The dark-skinned young woman rolled her eyes and launched into a bizarre and extraordinary account, rapid-fire as beans tumbling from a bamboo tube. She said: the widow in Shiyou Village surnamed Feng had scraped and struggled to raise her son — affectionately called Little Donkey — and had just about seen him accepted into a university in Beijing, which was the first in the entire village, truly a golden phoenix flying out of the nest! But who could have known that Little Donkey, home for winter break, had inexplicably gone missing a few days prior — searched everywhere, police reported, and nothing had come of it. The strange part was that not many days after, every night Widow Feng dreamed of her son sitting on the Shiyou Bridge weeping, saying the river was freezing cold and he wanted to come home. Seven nights in a row, the same dream. When the frantic Widow Feng told the village head what was happening, everyone put their heads together and decided to find a person of exceptional abilities to come and have a look.
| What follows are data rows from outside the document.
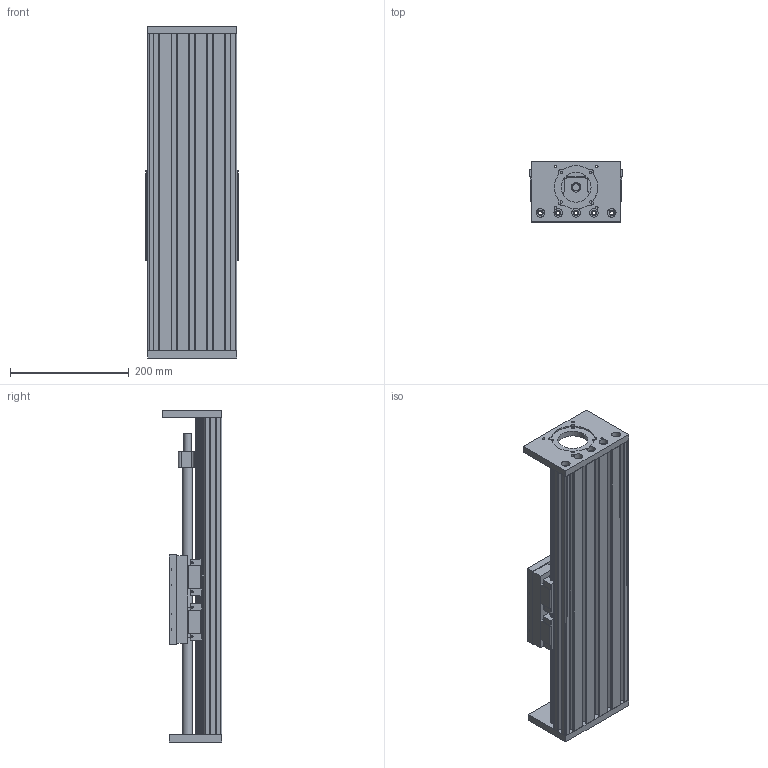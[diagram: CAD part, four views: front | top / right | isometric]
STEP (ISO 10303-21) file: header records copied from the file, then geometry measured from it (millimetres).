
FILE_DESCRIPTION(/* description */ (''),/* implementation_level */ '2;1');
FILE_NAME(/* name */ 'GX150-15线轨-300行程.stp',/* time_stamp */ '2022-06-01T18:05:50+08:00',/* author */ (''),/* organization */ (''),/* preprocessor_version */ 'ST-DEVELOPER v16',/* originating_system */ 'SIEMENS PLM Software NX 10.0',/* authorisation */ '');
FILE_SCHEMA (('AP203_CONFIGURATION_CONTROLLED_3D_DESIGN_OF_MECHANICAL_PARTS_AND_ASSEMBLIES_MIM_LF { 1 0 10303 403 2 1 2}'));
Length unit declared in the file: millimetre
Products named in the file (1): Admi1B78CFABobqf
Bounding box: 155 x 101 x 559 mm (x, y, z)
Volume: 2076574.9 mm3; surface area: 976554.7 mm2
Topology: 18 solids, 18 shells, 1393 faces, 3723 edges, 2492 vertices
Faces by surface type: plane 693, cylinder 690, cone 10
Full cylindrical faces by diameter (mm): 4.3 x14, 4.5 x22, 5 x14, 5.5 x10, 6.6 x10, 8 x22, 9 x10, 10 x4, 11 x4, 12 x4, 14.5 x10, 16 x3, 20 x1, 28 x4, 29 x1
Entity records: 43605 total; most frequent: DIRECTION 7769, CARTESIAN_POINT 7430, ORIENTED_EDGE 7142, EDGE_CURVE 3571, AXIS2_PLACEMENT_3D 2804, VERTEX_POINT 2465, LINE 2161, VECTOR 2161

The dark-skinned young woman had a loose tongue and no brakes, growing more animated as she went: “I always said there’d be trouble for Widow Feng’s family! She was told to make offerings to Shiyou Granny, but she said that money needed to go toward her son’s tuition fees. Now she’s angered Granny, hasn’t she, and Granny’s taken Little Donkey! Now she believes, doesn’t she! She was counting on her son to take her to the city for a better life someday…”

“Mind what you say!” Old Song’s wife cut her off. “Yu Qing and I have been close since childhood, closer than real sisters. Her son is the same as my son. After this, if anyone brings her up to mock her, I’ll be the first to come after them! Don’t embarrass us in front of our guest!”

Before the words had even faded, a round, chubby young man of about twenty came bouncing out from the inner room, clutching his own trousers, crying to Old Song’s wife in a thick, unclear voice: “Ma, pants — wet!”

“Oh Lord, you’ve wet yourself again!” Old Song’s wife rushed to take him into the inner room, and came back after some time carrying the soiled trousers, looking somewhat embarrassed as she said to me: “My son — knocked his head when he was small.”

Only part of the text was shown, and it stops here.